Stored items from a collection:
____________________
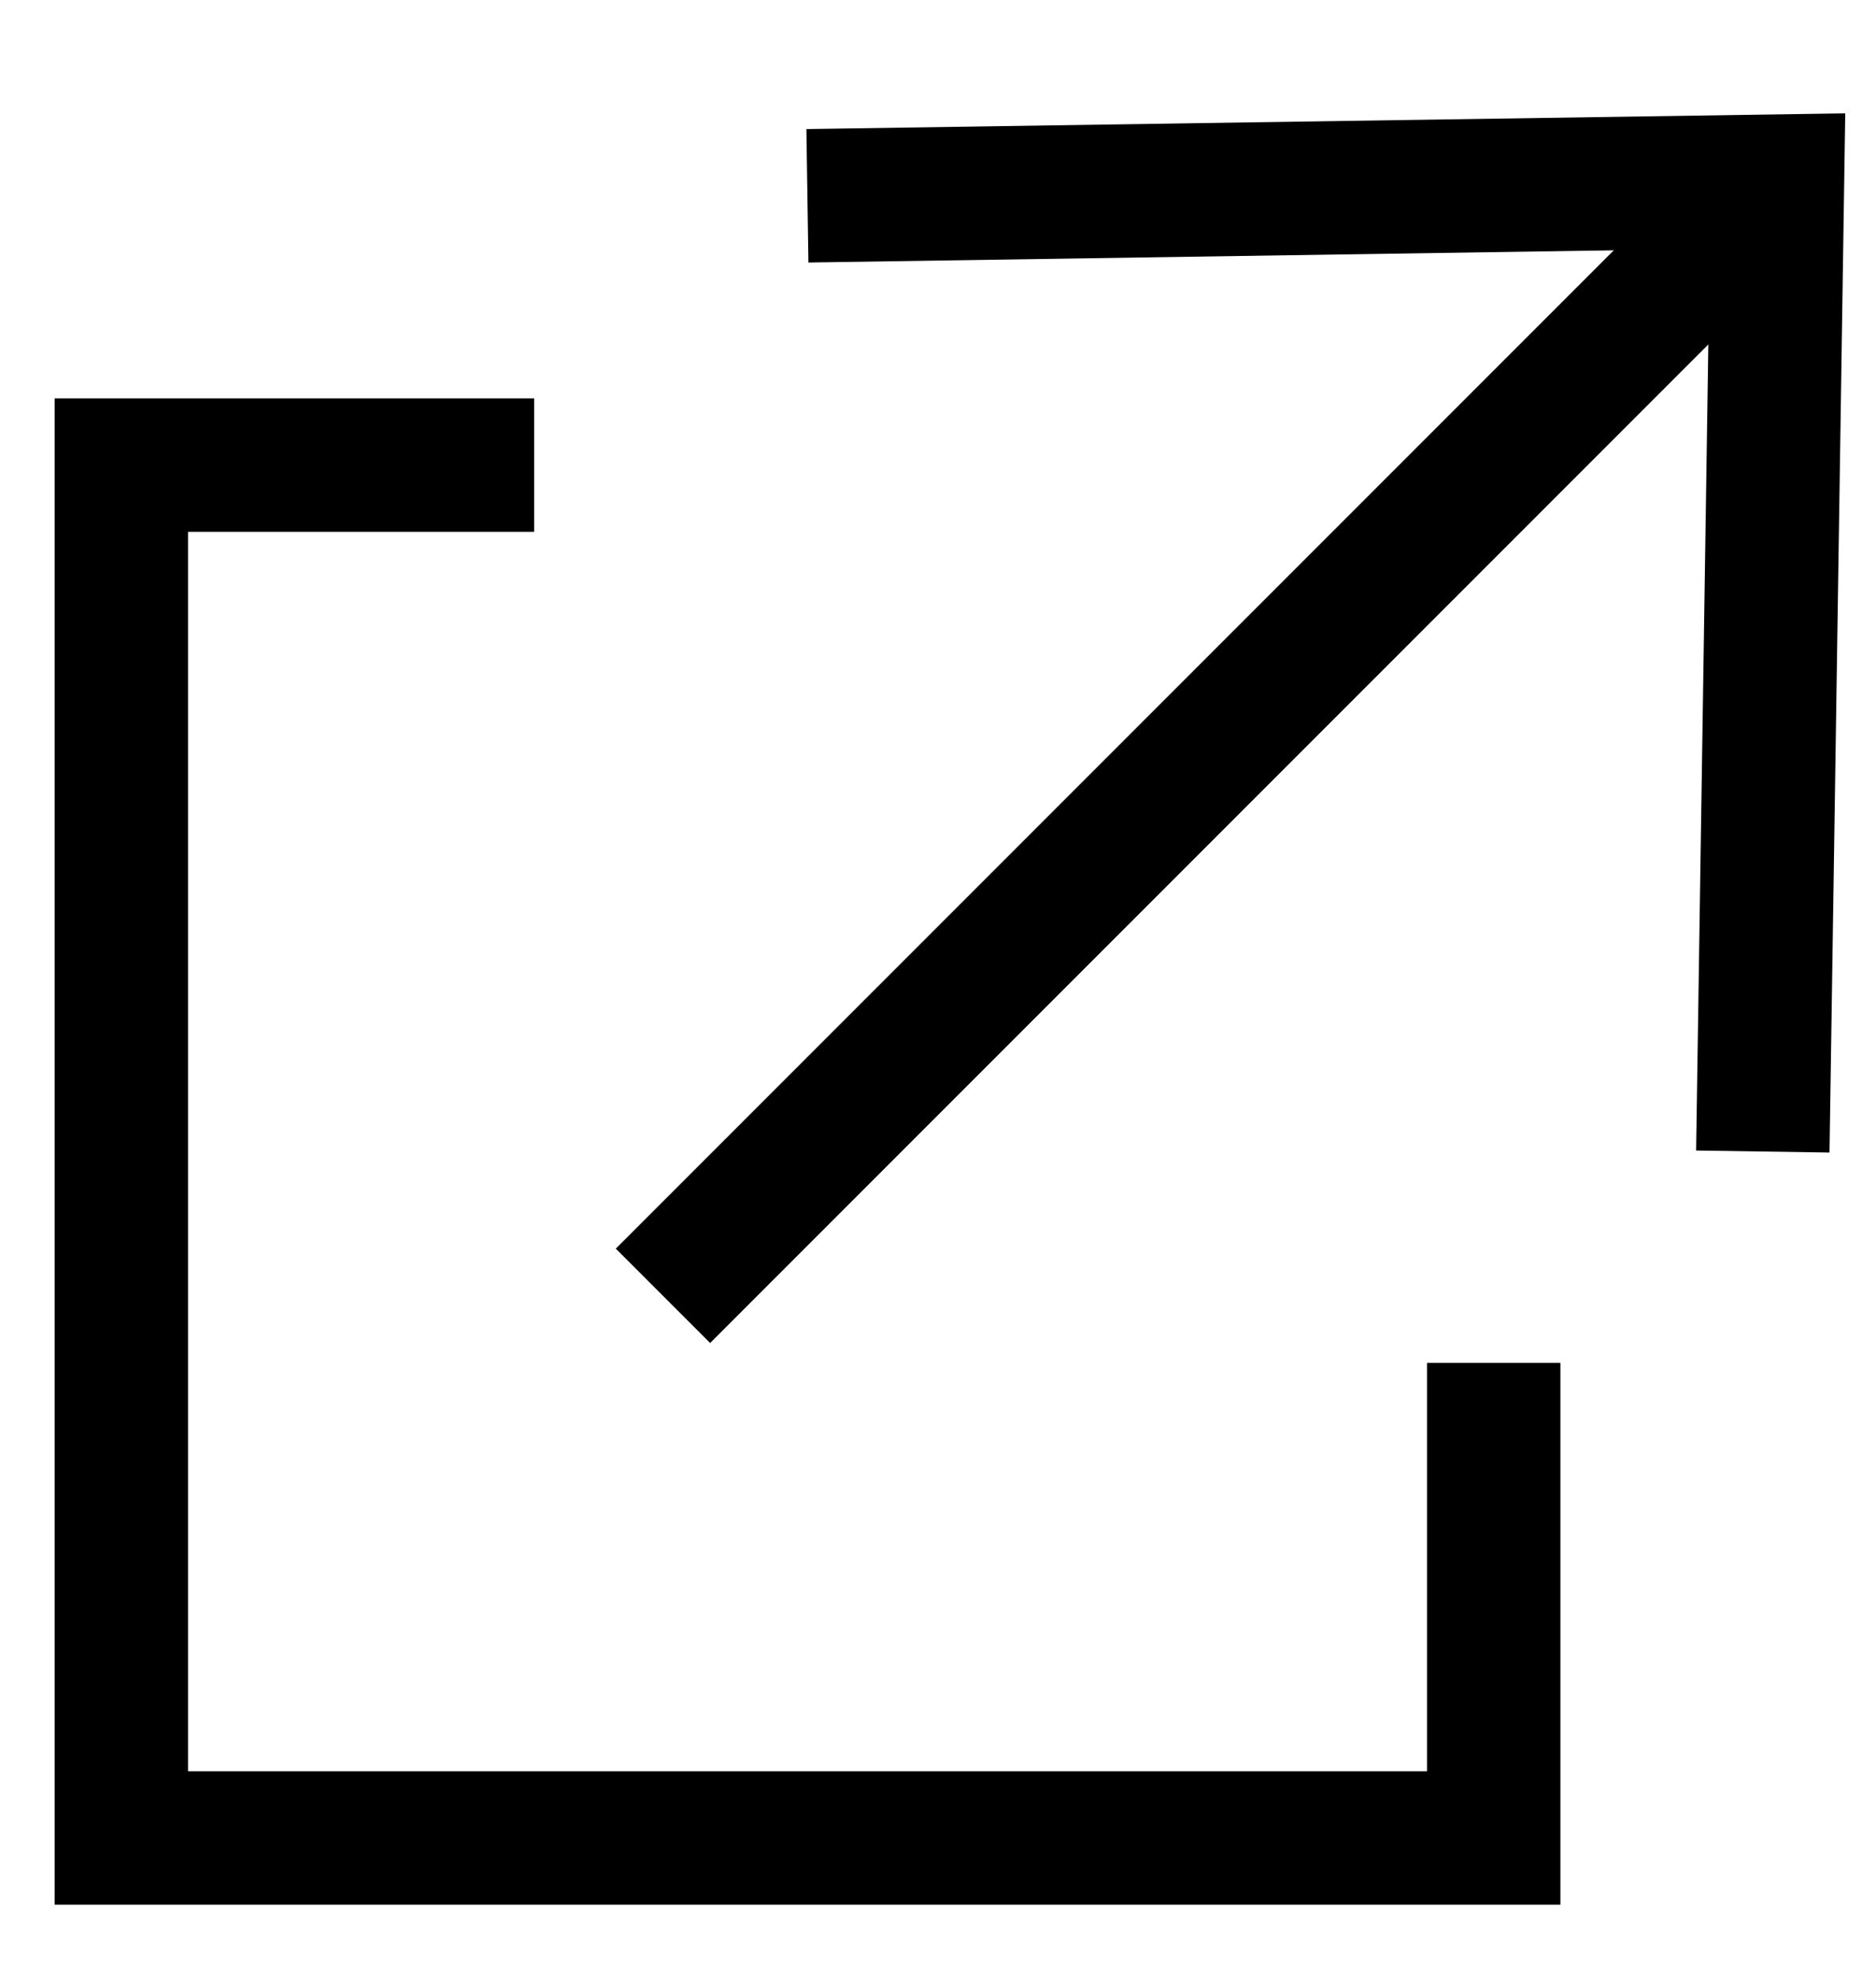 <svg width="18" height="19" viewBox="0 0 18 19" fill="none" xmlns="http://www.w3.org/2000/svg">
<path d="M14.332 13.072V17.629H1.164V4.461H5.125" stroke="black" stroke-width="1.28" stroke-miterlimit="10"/>
<path d="M6.361 12.429L16.799 1.991" stroke="black" stroke-width="1.28" stroke-miterlimit="10"/>
<path d="M16.914 11.045L17.055 1.737L7.747 1.878" stroke="black" stroke-width="1.28" stroke-miterlimit="10"/>
</svg>
____________________
• _Task to complete_:
Return the preceding entries verbatim, with the pictures excluded.

• _Finished task_:
 <svg width="18" height="19" viewBox="0 0 18 19" fill="none" xmlns="http://www.w3.org/2000/svg">
<path d="M14.332 13.072V17.629H1.164V4.461H5.125" stroke="black" stroke-width="1.28" stroke-miterlimit="10"/>
<path d="M6.361 12.429L16.799 1.991" stroke="black" stroke-width="1.28" stroke-miterlimit="10"/>
<path d="M16.914 11.045L17.055 1.737L7.747 1.878" stroke="black" stroke-width="1.28" stroke-miterlimit="10"/>
</svg>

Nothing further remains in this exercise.